Nissan Uses Compressed Air to Achieve Energy Savings
Nissan North America operates on a massive scale. The company’s powertrain assembly plant in Decherd, Tennessee, alone encompasses 1.1 million square feet, and manufactures engines for 14 different vehicles. The facility also handles crankshaft forgings, cylinder block castings, and other machining applications.
Over the course of one year, the powertrain plant churns out approximately 1.4 million engines, an equal number of crankshaft forgings, and 456,000 cylinder block castings.
If you extrapolate that scale of operation to Nissan’s ten other locations across North America, you can get a grasp of just how big the company’s manufacturing presence really is. And, when you start talking about energy management, any one project can become a major undertaking involving a large number of people. Those projects also have a tremendous impact — both financially and environmentally.
Nissan’s formal energy management program is called the Nissan Green Program, and it has helped Nissan earn recognition as an ENERGY STAR® Partner of the Year from the U.S. Environmental Protection Agency (EPA) every year since 2010.
Compressed air projects play a huge part in Nissan’s energy management program — especially when you consider that compressed air accounts for more than one fifth of the powertrain plant’s total energy spend. We had the opportunity to learn about the Nissan Green Program from one of the company’s key professionals in energy management, Mike Clemmer, Director/Plant Manager — Paint & Plastics at Nissan North America. Specifically, Clemmer discussed Nissan’s energy management strategy as it pertains to compressed air, detailing specific optimization projects that led to substantial energy savings.
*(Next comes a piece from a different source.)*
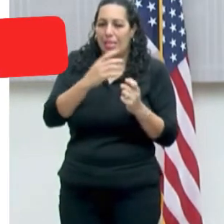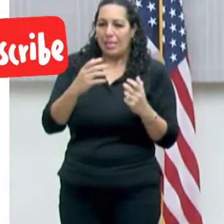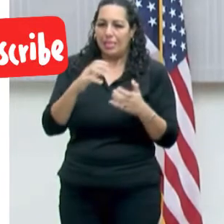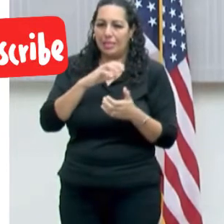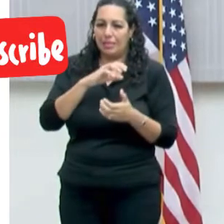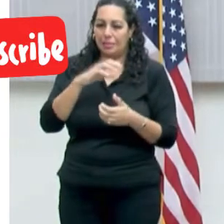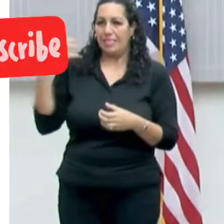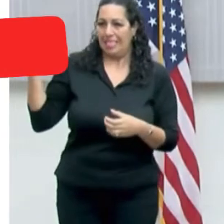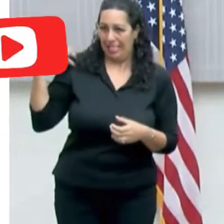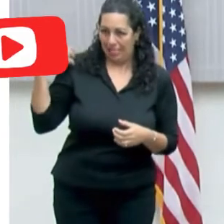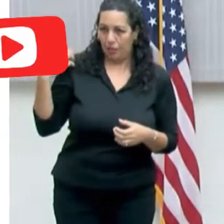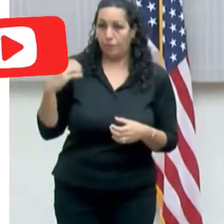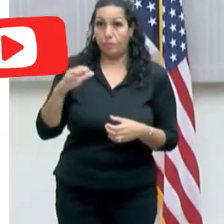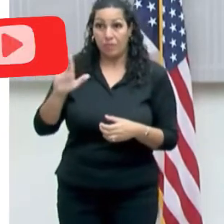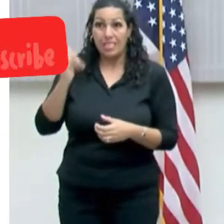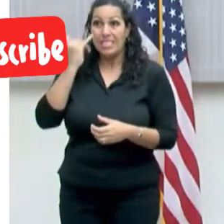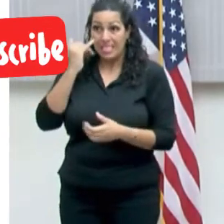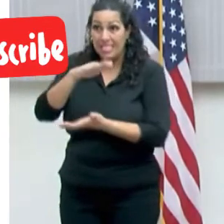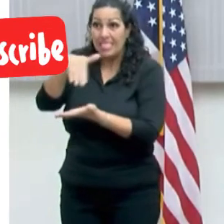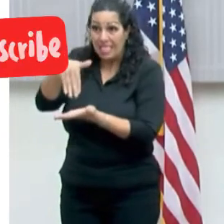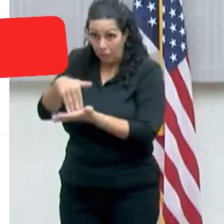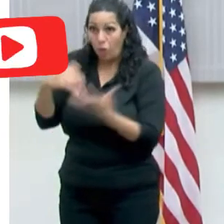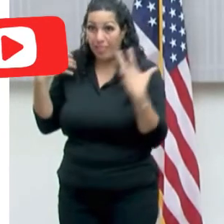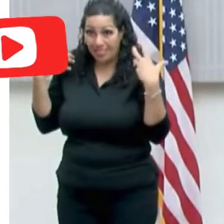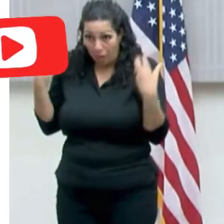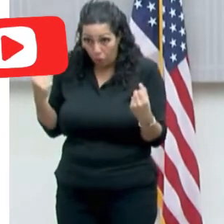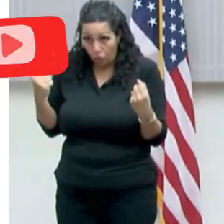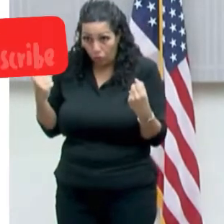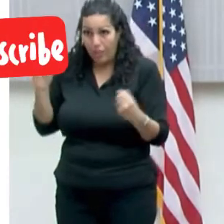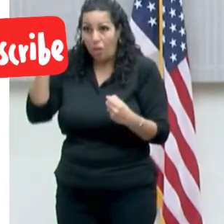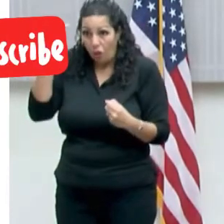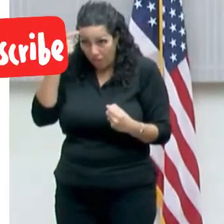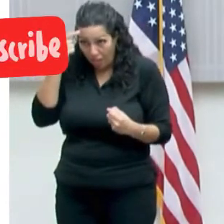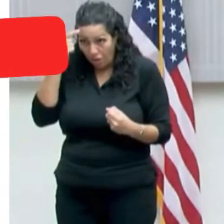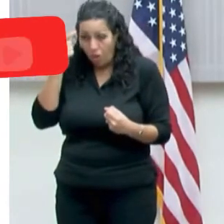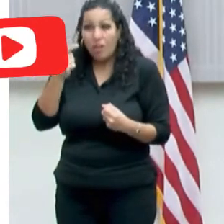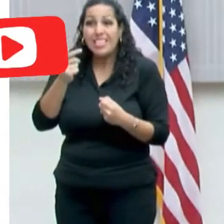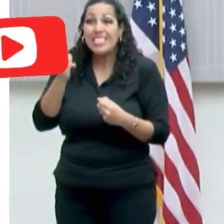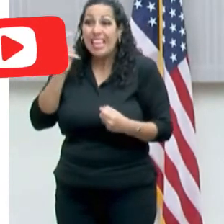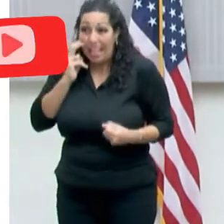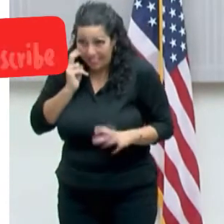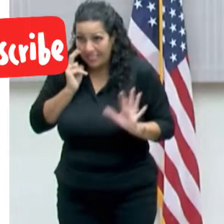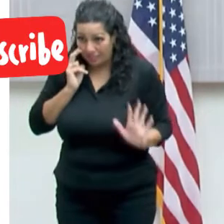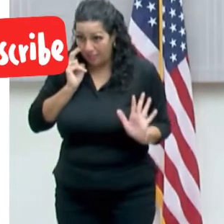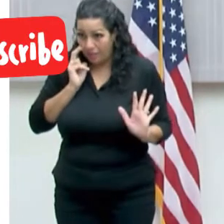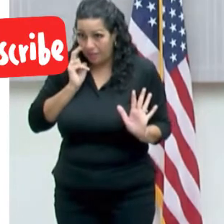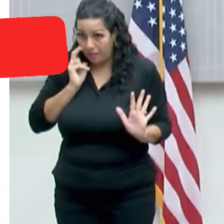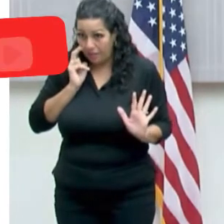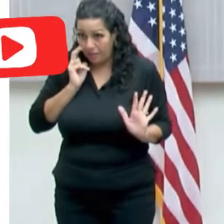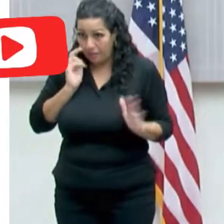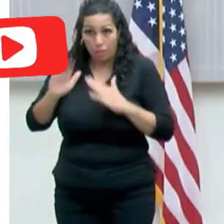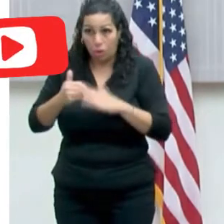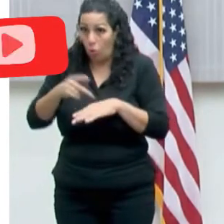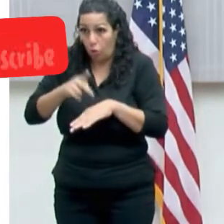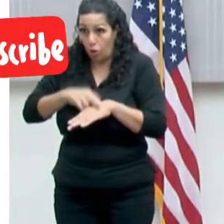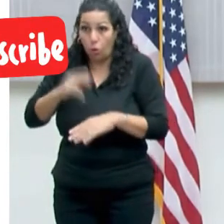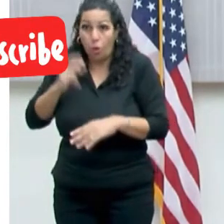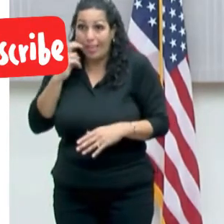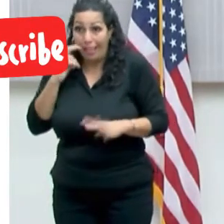centros de salud del gobierno se hacen las pruebas libres de costo por todo Puerto Rico.

Managing Compressed Air at Nissan
Compressed air is an integral part of Nissan’s operations, and is used for a wide range of applications. Compressed air piping networks run throughout the company’s manufacturing facilities, and the energy management team places a lot of emphasis on finding and repairing air leaks.
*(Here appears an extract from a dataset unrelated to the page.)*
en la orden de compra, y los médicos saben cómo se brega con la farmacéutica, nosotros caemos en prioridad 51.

Compressed air is a vital part of the manufacturing operations at Nissan’s vehicle assembly plant in Canton, Mississippi.
Nissan uses compressed air in a wide variety of applications, including spray finishing.
“Compressed air is essential to any manufacturing process, particularly in the automotive industry, and it accounts for about 23 percent of total energy costs at our powertrain facility,” Clemmer explained. “With that in mind, we have two full-time workers in each of our manufacturing facilities — vehicle assembly plants in Smyrna, Tennessee, and Canton, Mississippi, and the powertrain plant in Decherd, Tennessee — dedicated to identifying and repairing air leaks. By regularly checking the meters, conducting leak checks and repairs, and performing audits, the energy team aims to achieve a compressed air leak rate of less than 10 percent of compressor output.”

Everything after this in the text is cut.